Why should I believe that there is anything outside this physical universe, Overcomer? So far the evidence is becoming all too clear that religious experience is NOTHING but brain chemistry.

Why would I even want to consider the existence of such an alleged entity (-ies?)? Sure the experience "feels good" and because it does people can experience an enhanced quality of life, but that wouldn't mean that any entity was necessarily involved. The mere existence of the physiology itself could simply provide the benefit (sense of well-being, etc.) when it is chemically activated and that is why it has persisted (people who activate these circuits via ritual, mediation, drugs, etc. felt better, hence a relief from stress, and therefore outlived those who didn't).


----------



## Jelly (Apr 16, 2007)

Danius said:
			
		

> RenegadeFox said:
> 
> 
> 
> ...



Pfft. If you think that that's solid evidence that "ooooo ghooososttsss.!"

I guess that's your bag.

However, just to put out this little story. I went to a con last year and went to an awful lecture about wolf spirituality. I recall this being said by a therian (no offense to you therians out there): "I've heard so many stories of people having past life experiences as animals it's impossible not to believe [that people are reincarnated animals]!" Amongst all the self-love (/abuse) and the really, really bad teeth a 15 year old girl (who had to get parents permission to attend the con) said: "don't any of you wonder about the fact that your animals are exclusive to your culture?" Which, in turn received: "I WAS A WOLF BEFORE IT WAS ON TV A LOT." That wonderful rebuttal aside, she makes a really good point.
[She also went on with: "none of you are animals that you had never seen until later in life. Every one of you is an animal that you had heard of constantly through where you were from and how you grew up."]

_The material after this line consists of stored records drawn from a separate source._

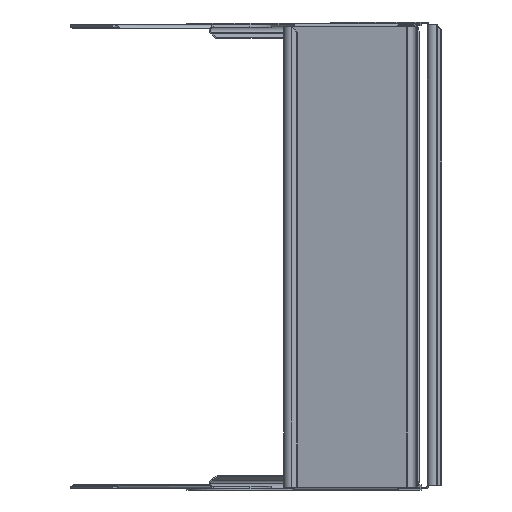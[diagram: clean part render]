
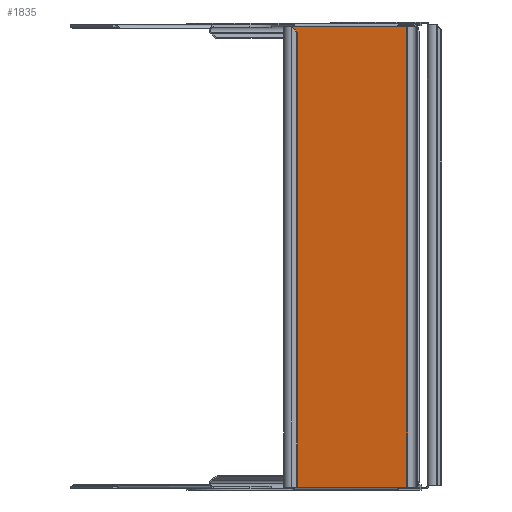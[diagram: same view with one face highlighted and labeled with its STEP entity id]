
A CAD part, left-side view. The second image highlights one B-rep face of the part: STEP entity #1835.
In plain terms, the highlighted face is planar.
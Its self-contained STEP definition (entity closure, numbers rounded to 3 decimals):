
#219=DIRECTION('',(0.,0.,1.));
#220=VECTOR('',#219,395.);
#221=CARTESIAN_POINT('',(-104.5,-1.25,-97.5));
#222=LINE('',#221,#220);
#232=DIRECTION('',(1.,0.,0.));
#233=VECTOR('',#232,12.75);
#234=CARTESIAN_POINT('',(-104.5,-1.25,297.5));
#235=LINE('',#234,#233);
#240=CARTESIAN_POINT('',(-91.75,-1.25,300.75));
#241=DIRECTION('',(0.,1.,0.));
#242=DIRECTION('',(0.385,0.,-0.923));
#243=AXIS2_PLACEMENT_3D('',#240,#241,#242);
#245=CARTESIAN_POINT('',(91.75,-1.25,300.75));
#246=DIRECTION('',(0.,1.,0.));
#247=DIRECTION('',(0.,0.,-1.));
#248=AXIS2_PLACEMENT_3D('',#245,#246,#247);
#250=DIRECTION('',(-1.,0.,0.));
#251=VECTOR('',#250,12.75);
#252=CARTESIAN_POINT('',(104.5,-1.25,297.5));
#253=LINE('',#252,#251);
#254=CARTESIAN_POINT('',(91.75,-1.25,-100.75));
#255=DIRECTION('',(0.,1.,0.));
#256=DIRECTION('',(-0.385,0.,0.923));
#257=AXIS2_PLACEMENT_3D('',#254,#255,#256);
#259=CARTESIAN_POINT('',(-91.75,-1.25,-100.75));
#260=DIRECTION('',(0.,1.,0.));
#261=DIRECTION('',(0.,0.,1.));
#262=AXIS2_PLACEMENT_3D('',#259,#260,#261);
#264=DIRECTION('',(1.,0.,0.));
#265=VECTOR('',#264,12.75);
#266=CARTESIAN_POINT('',(-104.5,-1.25,-97.5));
#267=LINE('',#266,#265);
#527=DIRECTION('',(1.,0.,0.));
#528=VECTOR('',#527,181.);
#529=CARTESIAN_POINT('',(-90.5,-1.25,297.75));
#530=LINE('',#529,#528);
#630=DIRECTION('',(0.,0.,-1.));
#631=VECTOR('',#630,395.);
#632=CARTESIAN_POINT('',(104.5,-1.25,297.5));
#633=LINE('',#632,#631);
#653=DIRECTION('',(-1.,0.,0.));
#654=VECTOR('',#653,12.75);
#655=CARTESIAN_POINT('',(104.5,-1.25,-97.5));
#656=LINE('',#655,#654);
#822=DIRECTION('',(-1.,0.,0.));
#823=VECTOR('',#822,181.);
#824=CARTESIAN_POINT('',(90.5,-1.25,-97.75));
#825=LINE('',#824,#823);
#1251=CARTESIAN_POINT('',(91.75,-1.25,297.5));
#1253=VERTEX_POINT('',#1251);
#1261=CARTESIAN_POINT('',(90.5,-1.25,297.75));
#1262=VERTEX_POINT('',#1261);
#1263=CARTESIAN_POINT('',(-90.5,-1.25,297.75));
#1264=VERTEX_POINT('',#1263);
#1265=CARTESIAN_POINT('',(-91.75,-1.25,297.5));
#1266=VERTEX_POINT('',#1265);
#1333=CARTESIAN_POINT('',(104.5,-1.25,297.5));
#1334=CARTESIAN_POINT('',(104.5,-1.25,-97.5));
#1335=VERTEX_POINT('',#1333);
#1336=VERTEX_POINT('',#1334);
#1341=CARTESIAN_POINT('',(91.75,-1.25,-97.5));
#1342=VERTEX_POINT('',#1341);
#1359=CARTESIAN_POINT('',(-104.5,-1.25,-97.5));
#1360=CARTESIAN_POINT('',(-104.5,-1.25,297.5));
#1361=VERTEX_POINT('',#1359);
#1362=VERTEX_POINT('',#1360);
#1363=CARTESIAN_POINT('',(-91.75,-1.25,-97.5));
#1364=VERTEX_POINT('',#1363);
#1365=CARTESIAN_POINT('',(-90.5,-1.25,-97.75));
#1366=VERTEX_POINT('',#1365);
#1367=CARTESIAN_POINT('',(90.5,-1.25,-97.75));
#1368=VERTEX_POINT('',#1367);
#1808=CARTESIAN_POINT('',(-91.75,-1.25,-100.75));
#1809=DIRECTION('',(0.,-1.,0.));
#1810=DIRECTION('',(0.,0.,-1.));
#1811=AXIS2_PLACEMENT_3D('',#1808,#1809,#1810);
#1812=PLANE('',#1811);
#1813=ORIENTED_EDGE('',*,*,#1780,.T.);
#1814=ORIENTED_EDGE('',*,*,#1795,.T.);
#1816=ORIENTED_EDGE('',*,*,#1815,.F.);
#1818=ORIENTED_EDGE('',*,*,#1817,.T.);
#1820=ORIENTED_EDGE('',*,*,#1819,.F.);
#1822=ORIENTED_EDGE('',*,*,#1821,.F.);
#1824=ORIENTED_EDGE('',*,*,#1823,.T.);
#1826=ORIENTED_EDGE('',*,*,#1825,.T.);
#1828=ORIENTED_EDGE('',*,*,#1827,.F.);
#1830=ORIENTED_EDGE('',*,*,#1829,.T.);
#1831=ORIENTED_EDGE('',*,*,#1714,.F.);
#1832=ORIENTED_EDGE('',*,*,#1758,.F.);
#1833=EDGE_LOOP('',(#1813,#1814,#1816,#1818,#1820,#1822,#1824,#1826,#1828,#1830,
#1831,#1832));
#1834=FACE_OUTER_BOUND('',#1833,.F.);
#1835=ADVANCED_FACE('',(#1834),#1812,.T.);
#244=CIRCLE('',#243,3.25);
#249=CIRCLE('',#248,3.25);
#258=CIRCLE('',#257,3.25);
#263=CIRCLE('',#262,3.25);
#1714=EDGE_CURVE('',#1364,#1366,#263,.T.);
#1758=EDGE_CURVE('',#1361,#1364,#267,.T.);
#1780=EDGE_CURVE('',#1361,#1362,#222,.T.);
#1795=EDGE_CURVE('',#1362,#1266,#235,.T.);
#1815=EDGE_CURVE('',#1264,#1266,#244,.T.);
#1817=EDGE_CURVE('',#1264,#1262,#530,.T.);
#1819=EDGE_CURVE('',#1253,#1262,#249,.T.);
#1821=EDGE_CURVE('',#1335,#1253,#253,.T.);
#1823=EDGE_CURVE('',#1335,#1336,#633,.T.);
#1825=EDGE_CURVE('',#1336,#1342,#656,.T.);
#1827=EDGE_CURVE('',#1368,#1342,#258,.T.);
#1829=EDGE_CURVE('',#1368,#1366,#825,.T.);

Ghosts and myths like that have been with us forever. We shouldn't be amazed that people will continue to have these experiences (which are undoubtedly similar). Society reinforces through myth and story that ghosts possibly exist, it's part of our cultural heritage.

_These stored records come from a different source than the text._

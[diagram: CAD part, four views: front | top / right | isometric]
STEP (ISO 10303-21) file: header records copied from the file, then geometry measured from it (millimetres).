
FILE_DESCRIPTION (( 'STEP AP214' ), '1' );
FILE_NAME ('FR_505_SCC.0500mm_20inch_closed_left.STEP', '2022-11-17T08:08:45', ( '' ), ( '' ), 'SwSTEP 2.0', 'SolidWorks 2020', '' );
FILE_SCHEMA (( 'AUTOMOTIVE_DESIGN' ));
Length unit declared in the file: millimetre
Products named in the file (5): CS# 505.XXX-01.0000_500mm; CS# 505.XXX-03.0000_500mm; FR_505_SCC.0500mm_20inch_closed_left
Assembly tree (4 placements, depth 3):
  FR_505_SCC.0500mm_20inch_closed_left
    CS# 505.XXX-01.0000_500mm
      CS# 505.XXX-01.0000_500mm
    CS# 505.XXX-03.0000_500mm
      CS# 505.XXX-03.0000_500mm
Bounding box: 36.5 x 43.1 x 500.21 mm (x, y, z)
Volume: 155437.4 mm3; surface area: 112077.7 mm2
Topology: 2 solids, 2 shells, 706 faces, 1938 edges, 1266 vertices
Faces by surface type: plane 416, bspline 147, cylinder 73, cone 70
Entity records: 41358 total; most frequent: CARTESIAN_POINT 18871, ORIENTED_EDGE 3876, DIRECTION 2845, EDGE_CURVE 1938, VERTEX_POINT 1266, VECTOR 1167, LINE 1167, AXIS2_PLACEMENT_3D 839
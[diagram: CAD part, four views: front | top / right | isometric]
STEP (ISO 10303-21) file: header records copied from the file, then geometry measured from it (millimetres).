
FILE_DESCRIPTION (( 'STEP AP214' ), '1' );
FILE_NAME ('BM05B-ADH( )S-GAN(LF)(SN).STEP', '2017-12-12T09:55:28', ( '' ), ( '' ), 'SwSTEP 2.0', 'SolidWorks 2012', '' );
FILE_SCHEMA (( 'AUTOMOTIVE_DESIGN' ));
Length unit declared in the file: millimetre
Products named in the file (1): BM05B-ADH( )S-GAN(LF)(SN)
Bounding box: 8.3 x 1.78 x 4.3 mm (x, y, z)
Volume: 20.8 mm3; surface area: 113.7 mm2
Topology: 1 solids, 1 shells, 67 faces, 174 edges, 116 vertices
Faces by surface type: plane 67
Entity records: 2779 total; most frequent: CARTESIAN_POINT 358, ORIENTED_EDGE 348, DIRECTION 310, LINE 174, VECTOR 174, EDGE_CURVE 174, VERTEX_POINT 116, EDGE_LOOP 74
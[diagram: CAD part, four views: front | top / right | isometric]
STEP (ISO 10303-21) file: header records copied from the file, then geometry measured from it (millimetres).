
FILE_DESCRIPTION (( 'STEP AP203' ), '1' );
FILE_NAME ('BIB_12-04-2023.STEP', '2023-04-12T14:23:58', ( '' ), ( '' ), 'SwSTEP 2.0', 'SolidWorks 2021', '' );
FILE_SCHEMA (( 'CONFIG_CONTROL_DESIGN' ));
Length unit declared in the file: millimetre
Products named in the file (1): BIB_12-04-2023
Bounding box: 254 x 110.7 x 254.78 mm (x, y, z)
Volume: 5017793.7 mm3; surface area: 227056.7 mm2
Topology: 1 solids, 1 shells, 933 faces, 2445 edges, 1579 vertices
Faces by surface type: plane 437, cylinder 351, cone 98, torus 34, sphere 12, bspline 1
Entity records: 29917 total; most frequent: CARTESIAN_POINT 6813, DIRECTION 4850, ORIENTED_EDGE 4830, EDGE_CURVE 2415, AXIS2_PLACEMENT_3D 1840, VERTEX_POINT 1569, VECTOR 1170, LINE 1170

You're right, though...psychiatry can be a very dangerous thing.

(PS: Don't believe in ghosts.)


----------



## ceacar99 (Apr 16, 2007)

foxy, "i think therefore i am. i believe therefore i am strong" -ceacar99

i honestly dont care if what i feel is a bunch of impulses. i am not the best in martial arts but i have more medals than anyone else in my school, those who have bested me tend to have even more spirituality than me. OUR STRENGTH COMES FROM THAT. it doesnt matter if im not realy strikeing you with ki, it matters that i believe so absolutely that i do not hold back and push myself beyond the limits of other people. if its not real then its a placebo, and that is still power. my faith is power, my faith is strength, thats why i believe in it. 

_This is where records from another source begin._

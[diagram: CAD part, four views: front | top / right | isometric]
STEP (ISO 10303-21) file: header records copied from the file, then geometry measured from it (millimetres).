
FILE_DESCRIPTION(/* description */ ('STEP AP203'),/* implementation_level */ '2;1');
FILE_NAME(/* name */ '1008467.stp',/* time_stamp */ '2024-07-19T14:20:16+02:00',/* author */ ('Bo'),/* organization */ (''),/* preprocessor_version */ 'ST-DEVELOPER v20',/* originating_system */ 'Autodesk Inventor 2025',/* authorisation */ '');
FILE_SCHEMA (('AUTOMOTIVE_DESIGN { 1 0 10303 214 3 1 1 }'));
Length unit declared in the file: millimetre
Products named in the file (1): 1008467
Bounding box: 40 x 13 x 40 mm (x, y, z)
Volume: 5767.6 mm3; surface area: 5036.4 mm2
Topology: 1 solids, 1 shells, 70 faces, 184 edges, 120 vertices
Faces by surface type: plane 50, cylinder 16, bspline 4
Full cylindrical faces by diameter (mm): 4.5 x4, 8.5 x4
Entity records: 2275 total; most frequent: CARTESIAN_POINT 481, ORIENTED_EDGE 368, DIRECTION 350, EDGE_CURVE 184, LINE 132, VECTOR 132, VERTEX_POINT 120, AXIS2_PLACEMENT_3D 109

furthermore with that spirituality comes a moral code, every set of spirituality has it and i have my own. some people say "well that moral code only came out of your fear for being punished after death!", but if your someone like me who doesnt believe in heaven and hell or even karma what is there to form a moral code? it quite simply put is my spiritual understanding of the world and how it must work in my mind. even though i never believe i'll be punished my sprituality has a developed a code for me, that code outlines what i believe i must do before i die and what i understand to be the function of the world. 

so what if you believe my spirituality is a bunch of shit? i strike harder, move faster and have more courage from it! i best others who have none and my spirituallity guides me to ballence. i seek the truth in all things from it, and understand how everything in this world is needed, the violence and the love. my faith is not out of some need to believe in a thiestic being but because it guides me, it drives me, it makes me a better man and it gives me great strength that most athiests i have met cannot match.

dont get me wrong im not trying to "convert" you. you can believe what you will, but i will have you understand why i believe and because you understand why i believe hopefully you'll put two and two together and understand that i likely will never cease to believe.


----------



## foxy (Apr 16, 2007)

ceacar99 said:
			
		

> foxy, "i think therefore i am. i believe therefore i am strong" -ceacar99


Rene Descartes says "I think therefore I am". However, who is this "I" doing the thinking? Is thinking at all meaningful if you do not assume that the one thinking actually exists? As such the statement in a more elborate but logically more acceptable way simply states:

"Assuming I exist and that I am capable of thinking and then further assume that I am actually thinking then I can conclude I exist" or P & Q => P which isn't really nearly as deep as Descartes thought it was.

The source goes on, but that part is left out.